Print every entry word for word, but omit the pictures.

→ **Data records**
=-=-=

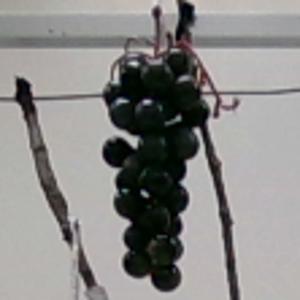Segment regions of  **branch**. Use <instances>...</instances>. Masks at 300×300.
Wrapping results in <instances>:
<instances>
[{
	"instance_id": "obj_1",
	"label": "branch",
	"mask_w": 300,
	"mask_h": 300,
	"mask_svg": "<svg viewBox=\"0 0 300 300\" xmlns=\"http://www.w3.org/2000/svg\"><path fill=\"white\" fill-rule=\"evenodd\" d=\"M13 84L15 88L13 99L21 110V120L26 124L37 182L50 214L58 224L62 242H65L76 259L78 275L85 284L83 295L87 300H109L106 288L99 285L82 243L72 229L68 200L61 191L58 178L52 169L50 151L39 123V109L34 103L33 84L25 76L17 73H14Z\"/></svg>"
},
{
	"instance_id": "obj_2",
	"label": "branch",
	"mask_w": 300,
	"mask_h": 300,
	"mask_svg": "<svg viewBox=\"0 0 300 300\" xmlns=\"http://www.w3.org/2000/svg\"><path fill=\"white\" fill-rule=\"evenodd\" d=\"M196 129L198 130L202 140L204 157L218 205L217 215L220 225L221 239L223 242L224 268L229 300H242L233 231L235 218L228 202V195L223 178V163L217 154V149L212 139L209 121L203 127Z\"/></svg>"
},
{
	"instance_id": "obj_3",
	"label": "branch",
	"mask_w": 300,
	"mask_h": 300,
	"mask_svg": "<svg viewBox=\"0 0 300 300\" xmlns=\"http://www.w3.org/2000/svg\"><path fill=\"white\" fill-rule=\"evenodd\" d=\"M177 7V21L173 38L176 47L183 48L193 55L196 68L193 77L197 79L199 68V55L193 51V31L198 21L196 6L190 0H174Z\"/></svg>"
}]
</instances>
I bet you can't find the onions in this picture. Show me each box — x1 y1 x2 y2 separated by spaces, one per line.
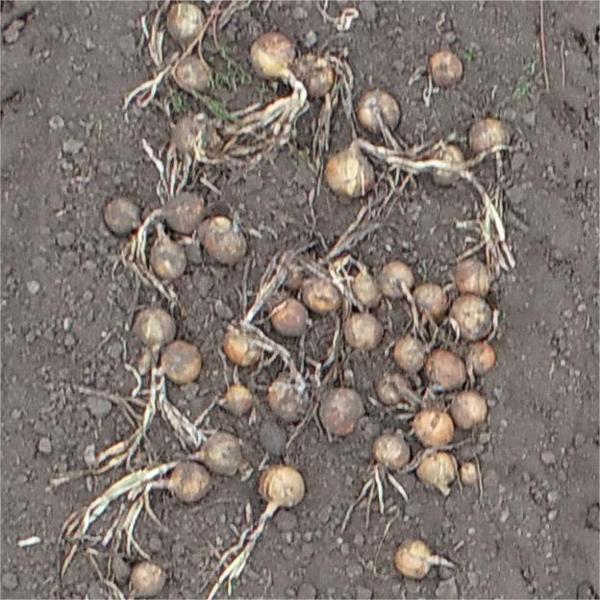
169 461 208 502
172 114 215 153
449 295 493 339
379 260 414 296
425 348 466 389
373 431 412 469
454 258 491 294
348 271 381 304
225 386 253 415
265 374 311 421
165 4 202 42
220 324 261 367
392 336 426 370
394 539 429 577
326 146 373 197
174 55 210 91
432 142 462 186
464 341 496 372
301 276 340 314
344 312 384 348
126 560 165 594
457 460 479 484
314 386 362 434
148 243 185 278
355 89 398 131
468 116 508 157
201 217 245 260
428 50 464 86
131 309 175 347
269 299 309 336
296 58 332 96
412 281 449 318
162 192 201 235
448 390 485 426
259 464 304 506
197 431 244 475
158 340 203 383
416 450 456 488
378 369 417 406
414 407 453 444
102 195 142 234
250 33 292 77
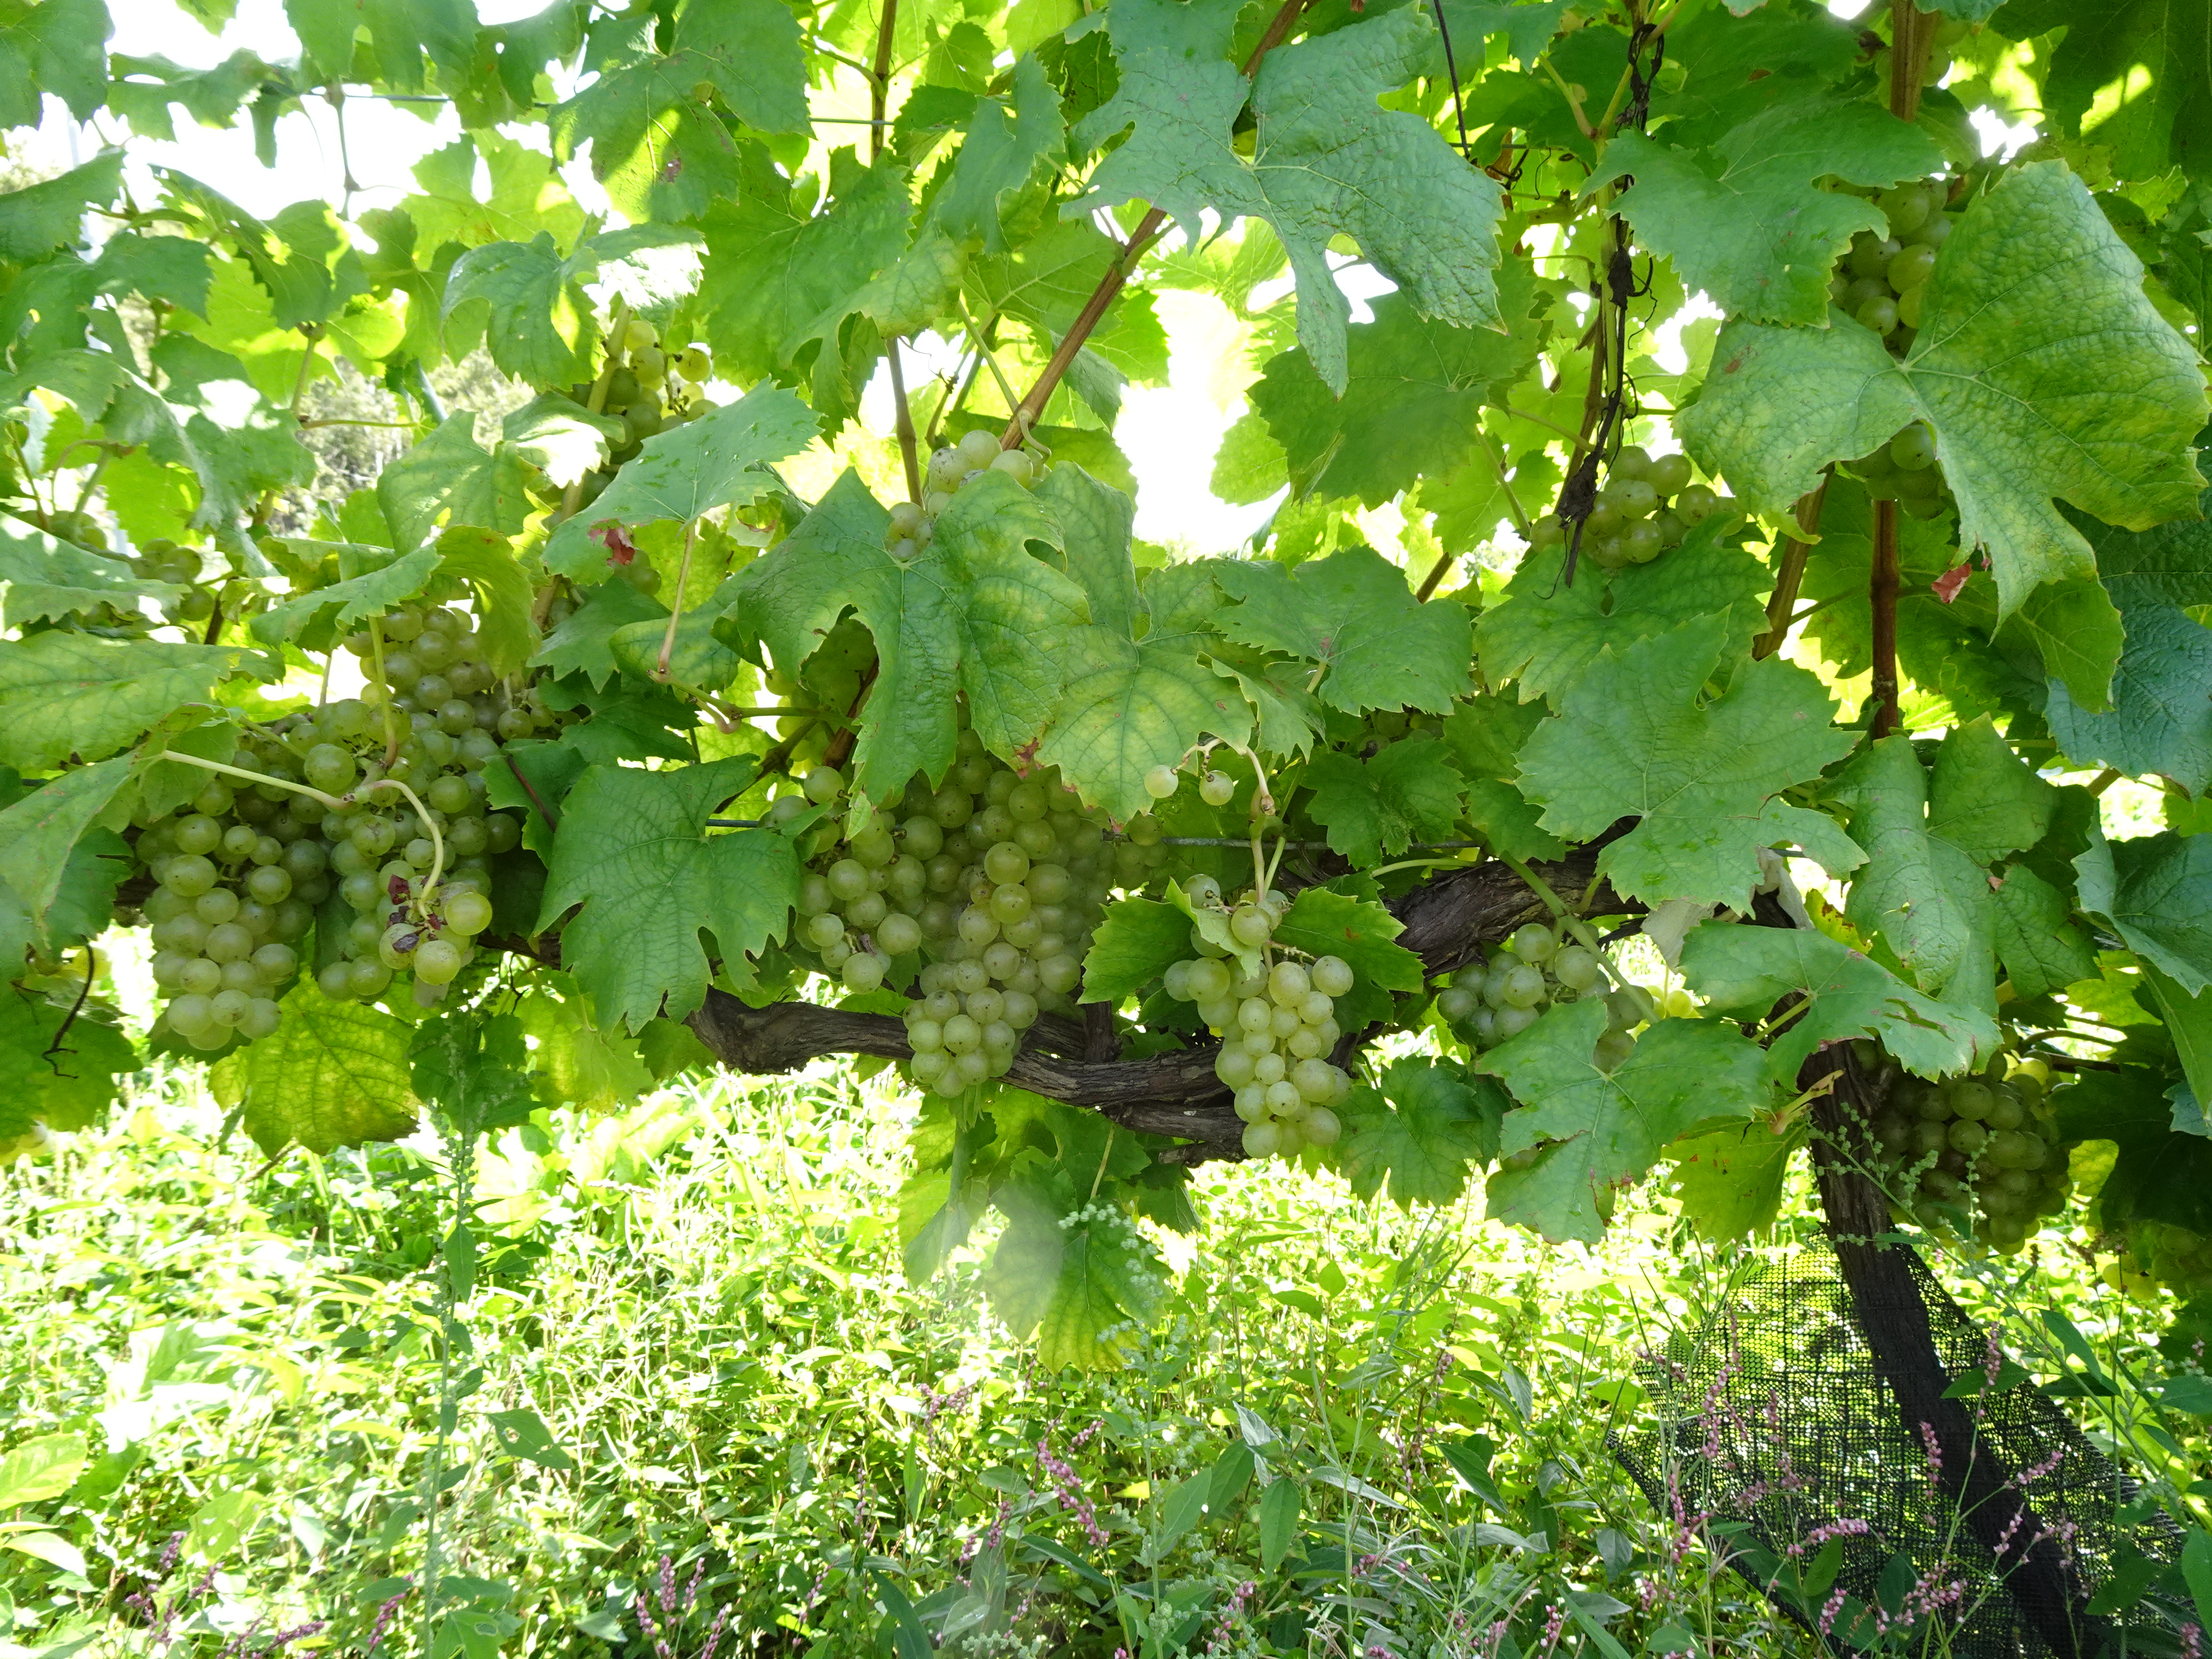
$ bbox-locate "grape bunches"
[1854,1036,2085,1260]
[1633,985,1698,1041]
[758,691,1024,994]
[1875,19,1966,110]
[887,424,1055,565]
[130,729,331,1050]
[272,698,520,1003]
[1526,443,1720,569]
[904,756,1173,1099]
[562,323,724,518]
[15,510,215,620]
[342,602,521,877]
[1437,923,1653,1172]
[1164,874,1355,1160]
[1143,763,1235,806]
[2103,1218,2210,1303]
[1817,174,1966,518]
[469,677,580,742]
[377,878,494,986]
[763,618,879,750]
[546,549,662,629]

=-=-=

→ **REPLY**
Segment regions of  **branch**. Use <instances>...</instances>. Masks at 300×300.
Wrapping results in <instances>:
<instances>
[{
	"instance_id": "obj_1",
	"label": "branch",
	"mask_w": 300,
	"mask_h": 300,
	"mask_svg": "<svg viewBox=\"0 0 300 300\" xmlns=\"http://www.w3.org/2000/svg\"><path fill=\"white\" fill-rule=\"evenodd\" d=\"M13 84L15 88L13 99L21 110V120L26 124L37 182L50 214L58 224L62 242H65L76 259L78 275L85 284L83 295L87 300H109L106 288L99 285L82 243L72 229L68 200L61 191L58 178L52 169L50 151L39 123V109L34 103L33 84L25 76L17 73H14Z\"/></svg>"
},
{
	"instance_id": "obj_2",
	"label": "branch",
	"mask_w": 300,
	"mask_h": 300,
	"mask_svg": "<svg viewBox=\"0 0 300 300\" xmlns=\"http://www.w3.org/2000/svg\"><path fill=\"white\" fill-rule=\"evenodd\" d=\"M196 129L198 130L202 140L204 157L218 205L217 215L220 225L221 239L223 242L224 268L229 300H242L233 231L235 218L228 202V195L223 178V163L217 154V149L212 139L209 121L203 127Z\"/></svg>"
},
{
	"instance_id": "obj_3",
	"label": "branch",
	"mask_w": 300,
	"mask_h": 300,
	"mask_svg": "<svg viewBox=\"0 0 300 300\" xmlns=\"http://www.w3.org/2000/svg\"><path fill=\"white\" fill-rule=\"evenodd\" d=\"M177 7V21L173 38L176 47L183 48L193 55L196 68L193 77L197 79L199 68V55L193 51V31L198 21L196 6L190 0H174Z\"/></svg>"
}]
</instances>
I bet you can't find the onions in this picture. Show me each box — x1 y1 x2 y2 separated by spaces, one per line.
169 461 208 502
172 114 215 153
449 295 493 339
379 260 414 296
425 348 466 389
373 431 412 469
454 258 491 294
348 271 381 304
225 386 253 415
265 374 311 421
165 4 202 42
220 324 261 367
392 336 426 370
394 539 429 577
326 146 373 197
174 55 210 91
432 142 462 186
464 341 496 372
301 276 340 314
344 312 384 348
126 560 165 594
457 460 479 484
314 386 362 434
148 243 185 278
355 89 398 131
468 116 508 157
201 217 245 260
428 50 464 86
131 309 175 347
269 299 309 336
296 58 332 96
412 281 449 318
162 192 201 235
448 390 485 426
259 464 304 506
197 431 244 475
158 340 203 383
416 450 456 488
378 369 417 406
414 407 453 444
102 195 142 234
250 33 292 77
$ bbox-locate "grape bunches"
[1854,1036,2085,1260]
[1633,985,1698,1041]
[758,691,1024,994]
[1875,19,1966,110]
[887,424,1055,565]
[130,729,331,1050]
[272,698,520,1003]
[1526,443,1720,569]
[904,756,1173,1099]
[562,323,724,518]
[15,510,215,620]
[342,602,521,877]
[1437,923,1653,1172]
[1164,874,1355,1160]
[1143,763,1235,806]
[2103,1218,2210,1303]
[1817,174,1966,518]
[469,677,580,742]
[377,878,494,986]
[763,618,879,750]
[546,549,662,629]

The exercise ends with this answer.